◎個食タイプは冷うどん狙う

今期のつゆ市場は、飽和市場化している主力の濃縮つゆについて、価値訴求による価格の維持・上昇が最も重要な課題だ。鮮度保持容器入り、減塩タイプなどが期待される。また、各社が参戦している個食・少人数用のストレートつゆは、冷たいうどんに焦点を絞った商品が多いのが今期の特徴だ。ヒット商品の出現により、市場の拡大が待たれる。

表に当社の契約しているPOsデータ(つゆ・たれ類)から、過去5年の上位100品目の分野別品目数と販売金額シェアの推移を示した。最も目立つのが鍋つゆ(個食対応)の増加だが、それに対して濃縮つゆの減少も対照的だ。上位100品目の売上高は全体の6割を超える程度で残りの4割には濃縮つゆが多い可能性はあるが、それでも16年の濃縮つゆのシェアは50・4%で、13年に比べ5ポイント以上低下しており、縮小は明らか。

濃縮つゆが減少傾向に陥った最大の理由は、常備調味料の地位を得たことで、全体の需要が頭打ちから微減に転じた。また、量的なことに加え、価格の軟化も大きな課題だ。濃縮つゆはメニュー提案が重要なことから、どうしても大手に偏る傾向がある。しかも醤油、だし、食酢など調味料メーカーが参入し、断トツのメーカーがいない混戦状態になっていることで、競争の激化となり、販売価格の低下につながった。醤油に代わる特売商品になっていることも価格低下の要因だ。

こうしたことからトップシェアグループの一つ、キッコーマン食品が昨季、主力の「本つゆ」をリニューアル、『濃いだし本つゆ』を発売し、濃縮度を4倍に高め汎用性を強化、出汁などの品質を向上、さらに容器も使い勝手を高めるという価値訴求を展開した。16年のPOsデータでは連続性はないものの、1?で20円以上の上昇となった。定番価格は30円以上上昇したケースもあるようだ。

実際、当社POsデータから上位20品の16年の価格を15年と比べると、新製品3品目を除く17品目中、13品が低下、上昇はわずか4品にとどまった。しかも、上昇は下位に多く、トップ15で上昇したのはわずか1品だった。

競争が激しいといってもメーカーとしては乱売は避けたいところ。キッコーマンのチャレンジ以外にもMizkan、ヤマサ醤油、ヤマキなど上位各社は独自の切り口によるメニュー提案を強化し、販売価格維持の方向で臨んでいる。また、鮮度保持容器入りや減塩・低塩タイプなどでの価値訴求を行うメーカーもみられる。

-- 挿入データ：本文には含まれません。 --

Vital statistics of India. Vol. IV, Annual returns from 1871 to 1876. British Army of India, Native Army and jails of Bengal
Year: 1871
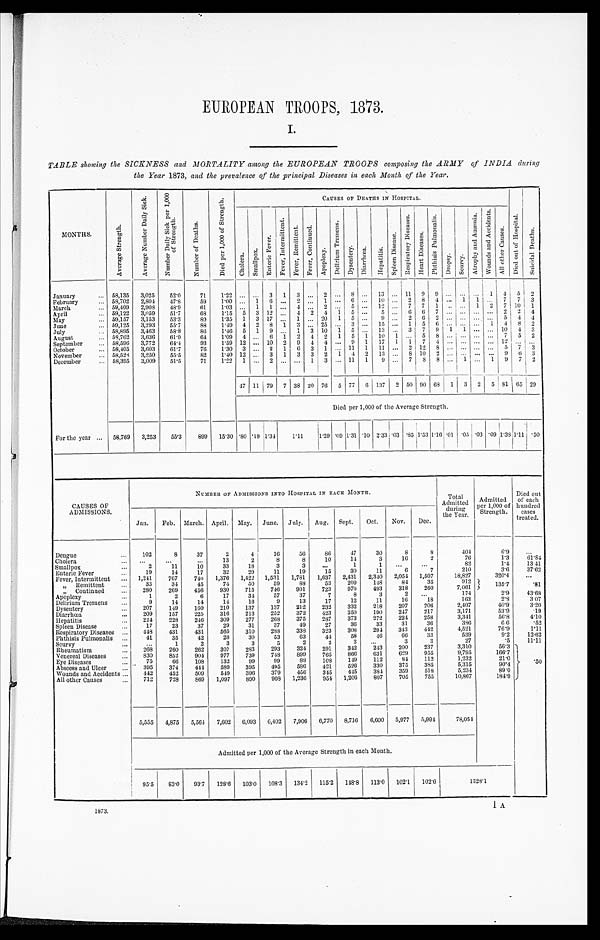
EUROPEAN TROOPS, 1873.
TABLE showing the SICKNESS and MORTALITY among the EUROPEAN TROOPS composing the ARMY of INDIA during
the Year 1873, and the prevalence of the principal Diseases in each Month of the Year.
MONTHS.
A v e r a g e S t r e n g t h .
A v e r a g e N u m b e r D a i l y S i c k .
N u m b e r D a i l y S i c k p e r 1 , 0 0 0 o f S t r e n g t h .
N u m b e r o f D e a t h s .
D i e d p e r 1 , 0 0 0 o f S t r e n g t h .
CAUSES OF DEATHS IN HOSPITAL.
C h o l e r a .
S m a l l p o x .
E n t e r i c F e v e r .
F e v e r , I n t e r m i t t e n t .
F e v e r , R e m i t t e n t .
F e v e r , C o n t i n u e d .
A p o p l e x y .
D e l i r i u m T r e m e n s .
D y s e n t e r y .
D i a r r h œ a .
H e p a t i t i s .
S p l e e n Di s e a s e .
R e s p i r a t o r y D i s e a s e s .
H e a r t D i s e a s e s .
P h t h i s i s P u l m o n a l i s .
D r o p s y . S c u r v y .
A t r o p h y a n d A n æ m i a .
W o u n d s a n d A c c i d e n t s .
A l l o t h e r C a u s e s .
D i e d o u t o f H o s p i t a l .
S u i c i d a l D e a t h s .
January . . . 58,135
3,025
52.0
71
1.22
. . .
. . . 3
1
3 . . . 2 . . . 8
. . . 13 . . .
1 1
9
9
. . .
. . . . . . 1
4
5
2
February . . . 58,702
2,804
47.8
59
1.00
. . . 1
6
. . . 2 . . . 1 . . . 6
. . . 10 . . . 2
8
4
. . . 1
1 . . . 7
7
3
March . . . 59,409
2,908
48.9
61
1.03
. . . 1
1
. . . 4 . . . 2 . . . 5
. . . 12 . . . 7
7
1
. . .
. . . 1
2
7 10
1
April . . . 59,122
3,059
51.7
68
1.15
5
3 12
. . . 4
2
4 1
5
. . .
5 . . . 6
6
7
. . .
. . . . . . . . . 2
2
4
May . . . 59,157
3,153
53.3
80
1.35
1
3 17
. . . 1 . . . 20
1
5
. . .
9 . . . 2
6
2
. . .
. . . . . . . . . 5
4
4
June . . . 59,125
3,293
55.7
88
1.49
4
2
8
1
3 . . . 25 . . . 3
. . . 15 . . . 1
5
6
. . .
. . .. . .
1
4
8
2
July
. . . 58,895
3,463
58'8
86
1.46
5
1
9
. . . 1
3 10
1
5
. . . 13 . . . 3
7
9
1
1 . . . . . . 10
4
3
August . . . 58,762
3,636
61.9
64
1.09
4
. . .
6 1
2
4
2
1
5
1
1 0 1
. . . 5
8
. . .
. . .
. . . . . . 7
5
2
September . . . 58,596
3,772
64.4
93
1.59 12
. . . 10
2
9
4
4 . . . 9
1
17
1
1
7
4
. . .
. . . . . .. . .
1 2
. . .
. . .
October . . . 58,405
3,603
61.7
76
1.30
3
. . . 2
1
6
3
1 . . . 11
1
11 . . . 2 12 8
. . .
. . . . . . . . . 5
7
3
November . . . 58,528
3,250
55.5
82
1.40 12
. . . 3
1
3
3
2
1
4
2
13 . . . 8 10
2
. . .
. . .
. . . . . . 9
6 3
December . . . 58,395
3,009
51.5
71
1.22
1
. . . 2
. . .
. . . 1
3 . . . 11
1
9 . . . 7
8
8
. . . 1 . . . 1
9
7
2
47
1 1 79
7 38 20 76
5 77
6 137
2 50 90 68
1
3
2
5 81 65
29
Died per 1,000 of the Average Strength.
For the year . . . 58,769
3,253
55.3
899
15.30 .80 .19 1.34
1.11
1.29 .09 1.31 .10 2.33 .03 .85 1.53 1.16 .01 .05 .03 .09
1 . 3 8
1 . 1 1 .50
CAUSES OF
ADMISSIONS.
NUMBER OF ADMISSIONS INTO HOSPITAL IN EACH MONTH.
Total
Admitted
du
ring the Year.
Admitted
per 1,000 of
Strength.
Died out
of each
hundred
cases
treated.
Jan.
Feb. March. April. May.
June.
July.
Aug.
Sept.
Oct.
Nov.
Dec.
Dengue . . .
102
8
37
2
4
16
56
86
47
30
8
8
404
6.9
. . .
Cholera . . .
. . .
. . .
. . .
13
2
8
8
10
14
3
16
2
76
1.3
61.84
Smallpox . . .
2
11
10
33
18
3
3
. . .
1
1
. . .
. . .
82
1.4
13.41
Enteric Fever . . .
19
14
17
32
29
11
19
15
30
11
6
7
210
3.6
37.62
Fever, Intermittent . . .
1,241
767
740
1,376
1,422 1,531
1,781
1,637
2,431
2,340
2,054
1,507
18,827
320.4
. . .
" Remittent . . .
33
34
45
74
50
59
88
53
209
148
84
35
912 135.7
.81
" Continued . . .
280
269
456
930
715
746
901
723
970
493
318
260
7,061
Apoplexy . . .
1
2
6
17
34
57
37
7
8
3
2
. . .
174
2.9
43.68
Delirium Tremens . . .
9
14
14
14
16
9
13
17
12
11
16
18
163
2.8
3.07
Dysentery . . .
207
149
160
210
137
137
212
232
332
218
207
206
2,407
40.9
3.20
Diarrhœa . . .
209
157
225
316
213
252
372
423
350
190
247
217
3,171
53.9
.19
Hepatitis . . .
224
228
246
309
277
268
375
287
373
279
224
258
3,341
56.8
4.10
Spleen Disease . . .
17
23
37
29
31
37
49
27
36
33
31
36
386
6 6
.52
Respiratory Diseases . . .
448
431
431
565
310
288
338
323
308
294
343
442
4,521
76.9
1.11
Phthisis Pulmonalis . . .
41
35
42
28
30
53
63
44
58
46
66
33
539
9.2
12.62
Scurvy . . .
. . .
1
2
3
3
5
2
2
3
. . .
3
3
27
.5
11.11
Rheumatism . . .
268
260
262
307
283
293
324
291
342
243
200
237
3,310
56.3 . 5 0
Venereal Diseases . . .
830
852
904
977
739
748
899
765
866
631
629
955
9,795
166.7
Eye Diseases . . .
75
66
108
132
99
99
88
108
149
112
84
112
1,232
21.0
Abscess and Ulcer . . .
395
374
444
589
395
495
586
421
526
330
375
385
5,315
90.4
Wounds and Accidents . . .
442
452
509
549
396
379
456
345
445
384
359
518
5,234
89.0
All other Causes . . .
712
728
869
1,097
890
908 1,236
954 1,206
807
705
755
10,867
184.9
5,555
4,875
5,564
7,602
6,093
6,402
7,906
6,770
8,716
6,600
5,977
5,994
78,054
Admitted per 1,000 of the Average Strength in each Month.
95.5
83.0
93.7
128.6
103.0
108.3
134.2
115.2
148.8
113.0
102.1
102.6
1328.1
1873.
1 A

またここ2~3年、大手、中堅メーカーから提案が盛んな個食・少人数用のストレートつゆは味種だけでなく、容器や具材などオリジナリティーのある製品の開発によって市場の活性化を目指す。今期は冷凍品や流水麺など冷たいうどんが夏の主婦の昼食に登場することが多いことから、うどん専用品やうどんメニューの提案が目立つ。

市場全体は2ケタ成長と言われるが、まだ市場規模は小さい。16年の当社POsデータでは上位100品には見当たらず200品に広げてようやく3品が入る程度。ヒット商品の出現により、カテゴリーを確立したいところだ。そうなればつゆ類全体の単価アップにも貢献できる。